I’m not sure if this a great marketing idea or a sad commentary on the state of the heavyweight division in boxing — or both — but if I am a boxing promoter I would be trying to sign Kimbo Slice to dump MMA for the sweet science.
If you don’t know the name, Kimbo was a You Tube sensation as a backyard brawler, who then got into mixed martial arts and headlined a couple televised cards until he got knocked out.
Now he is a contestant on the current season on Spike’s Ultimate Fighter UFC reality show. And in the episode that aired Wednesday night, he lost his first-round match-up when he got exposed for having no idea how to maneuver a UFC ring.
Here’s the bottom line – Slice has sledgehammers for hands, but has no idea how to fight when the contest goes to the ground – a must if you are going to succeed in MMA.
But Slice has one other thing, and he has it to spare – charisma. And I mean tons of it. His interview clips on Ultimate Fighter are fantastic, he is infinitely likeable and absolutely hysterical. That’s why all the promos for next week’s episode are totally centered on teasing a possible Slice comeback.
Now let’s talk about the heavyweight division in boxing. It’s a disaster. The latest heavyweight “title” fight featured Vitali Klitschko systematically abusing yet another pretender on HBO last weekend. Perhaps the greatest entertainment value during the fight came from my wife and friends who came over the fight, as we constantly tried to one-up each other with constant plays on the last name of said pretender: Arreola.
Basically, the heavyweight division stinks because there are two brothers who in essence share the heavyweight championship, and they have vowed never to fight each other. The problem is that there is no one – and I mean no one – within sight of the Klitschkos from a talent perspective. Every couple months, one of them goes out – usually in a packed arena in Germany – and disposed of some falsely built-up contender with a very methodical approach that rarely fails – and worse yet – only moderately entertains.
Starting to see the marriage? In one corner, you have a heavy-handed, charismatic brawler with a built-in following who can fight standing up but has no clue what to do on the ground. In the other corner, a heavyweight division devoid of anything remotely interesting, crying out for some sort of injection of personality.

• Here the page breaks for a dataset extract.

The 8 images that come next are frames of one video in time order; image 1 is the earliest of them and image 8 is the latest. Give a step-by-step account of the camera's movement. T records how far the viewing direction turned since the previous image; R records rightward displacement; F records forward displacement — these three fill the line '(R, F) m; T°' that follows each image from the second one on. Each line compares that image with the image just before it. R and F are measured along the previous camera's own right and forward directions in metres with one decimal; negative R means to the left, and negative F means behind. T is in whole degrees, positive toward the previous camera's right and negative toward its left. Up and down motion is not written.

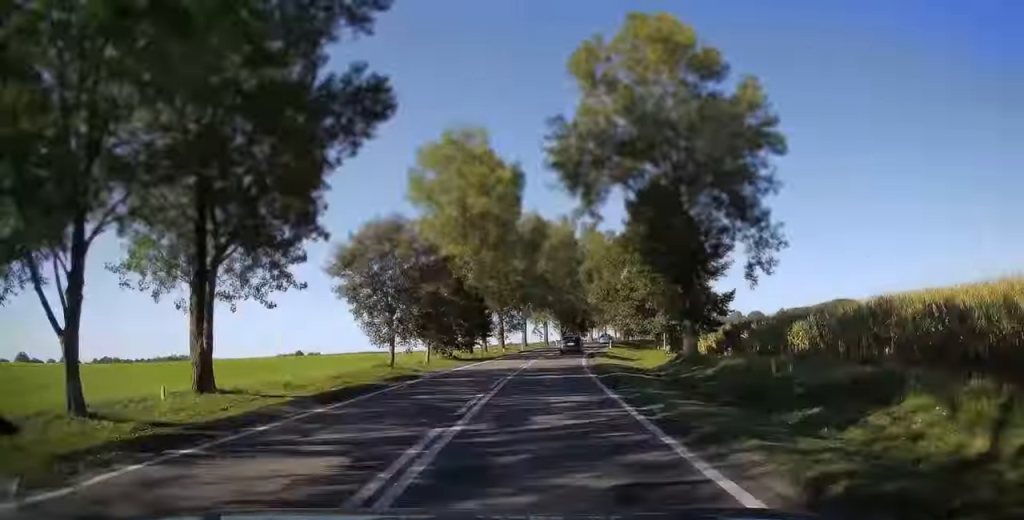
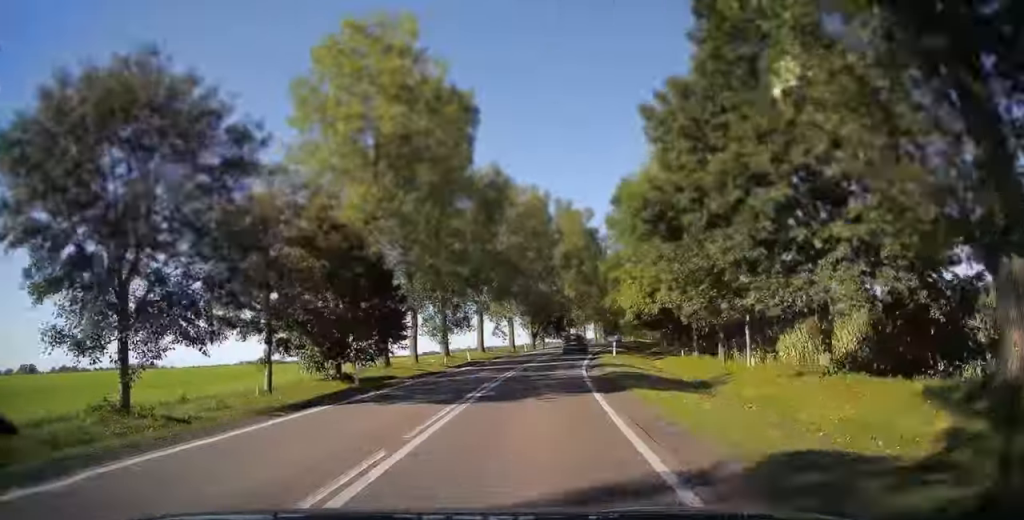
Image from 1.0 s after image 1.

Now I am not saying throw Slice in there against a Klitschko tomorrow, I’m talking about some fights to get his feet wet and build some interest. The tune-in would be great from the outset to see if one of the best-known brawlers is better suited for the ring than the octagon. Plus his personality could absolutely carry an installment of HBO’s award-winning 24/7 reality series leading up to a fight.
But no matter who he fought, Slice would do something to heavyweight boxing that no one has been able to do in too long – get people to remotely care.